### WORK REQUIRED
Starting with the first line of the data below, copy each line up to and including the one containing "Q: Which block". Pictures stay out.

——

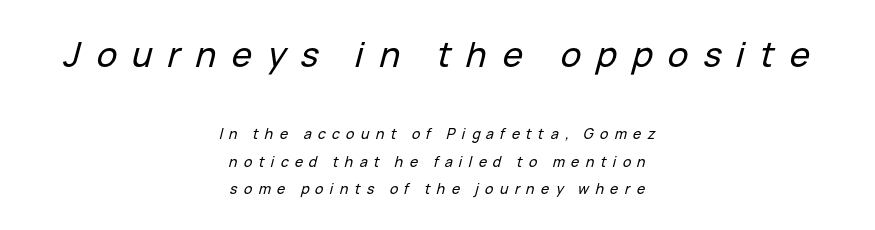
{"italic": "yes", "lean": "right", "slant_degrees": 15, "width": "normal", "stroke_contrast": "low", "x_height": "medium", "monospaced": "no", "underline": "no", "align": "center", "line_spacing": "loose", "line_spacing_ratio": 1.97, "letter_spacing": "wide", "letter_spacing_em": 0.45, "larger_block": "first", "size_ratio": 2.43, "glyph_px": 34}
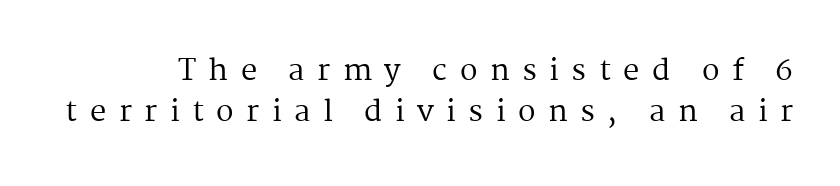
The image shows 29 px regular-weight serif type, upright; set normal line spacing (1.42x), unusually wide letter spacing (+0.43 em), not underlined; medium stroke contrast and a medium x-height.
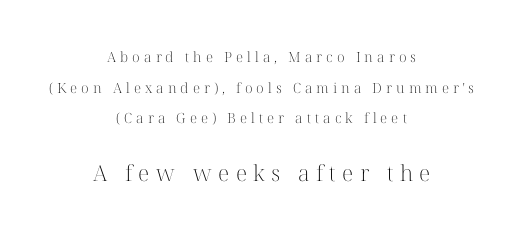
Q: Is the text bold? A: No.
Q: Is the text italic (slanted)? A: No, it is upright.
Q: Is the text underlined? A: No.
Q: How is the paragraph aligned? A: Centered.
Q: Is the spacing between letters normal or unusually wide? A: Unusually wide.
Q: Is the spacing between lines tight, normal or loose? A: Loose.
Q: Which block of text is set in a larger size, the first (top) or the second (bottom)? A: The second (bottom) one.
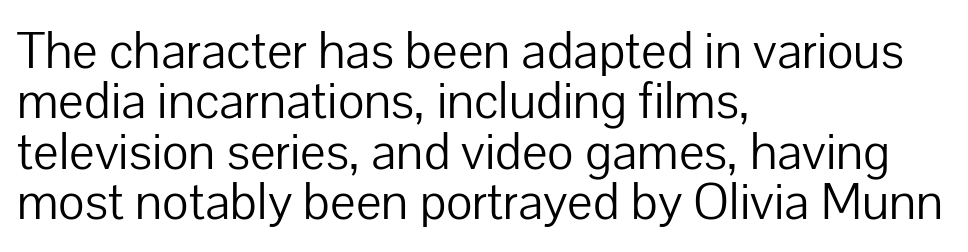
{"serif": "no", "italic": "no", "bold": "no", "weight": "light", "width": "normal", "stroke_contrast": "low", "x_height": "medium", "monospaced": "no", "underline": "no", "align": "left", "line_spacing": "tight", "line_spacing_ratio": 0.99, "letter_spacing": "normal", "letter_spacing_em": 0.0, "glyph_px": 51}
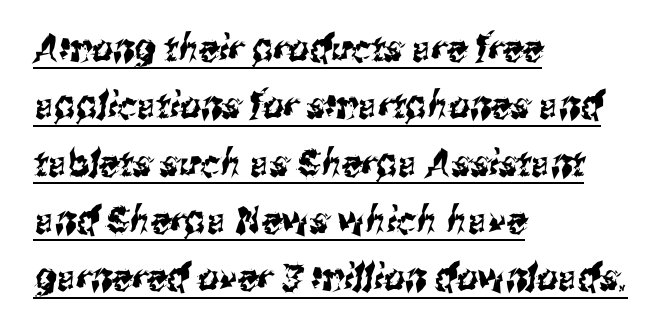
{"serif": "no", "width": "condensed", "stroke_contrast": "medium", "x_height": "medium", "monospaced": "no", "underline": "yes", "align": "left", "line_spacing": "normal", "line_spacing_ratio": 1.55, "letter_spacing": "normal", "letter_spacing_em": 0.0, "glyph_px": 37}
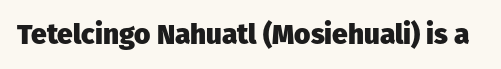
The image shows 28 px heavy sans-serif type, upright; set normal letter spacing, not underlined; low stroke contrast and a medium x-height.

——

### EXERCISE OUTPUT
{"italic": "yes", "lean": "right", "slant_degrees": 15, "width": "normal", "stroke_contrast": "low", "x_height": "medium", "monospaced": "no", "underline": "no", "align": "center", "line_spacing": "loose", "line_spacing_ratio": 1.97, "letter_spacing": "wide", "letter_spacing_em": 0.45, "larger_block": "first", "size_ratio": 2.43, "glyph_px": 34}
The image shows 29 px regular-weight serif type, upright; set normal line spacing (1.42x), unusually wide letter spacing (+0.43 em), not underlined; medium stroke contrast and a medium x-height.
Q: Is the text bold? A: No.
Q: Is the text italic (slanted)? A: No, it is upright.
Q: Is the text underlined? A: No.
Q: How is the paragraph aligned? A: Centered.
Q: Is the spacing between letters normal or unusually wide? A: Unusually wide.
Q: Is the spacing between lines tight, normal or loose? A: Loose.
Q: Which block of text is set in a larger size, the first (top) or the second (bottom)? A: The second (bottom) one.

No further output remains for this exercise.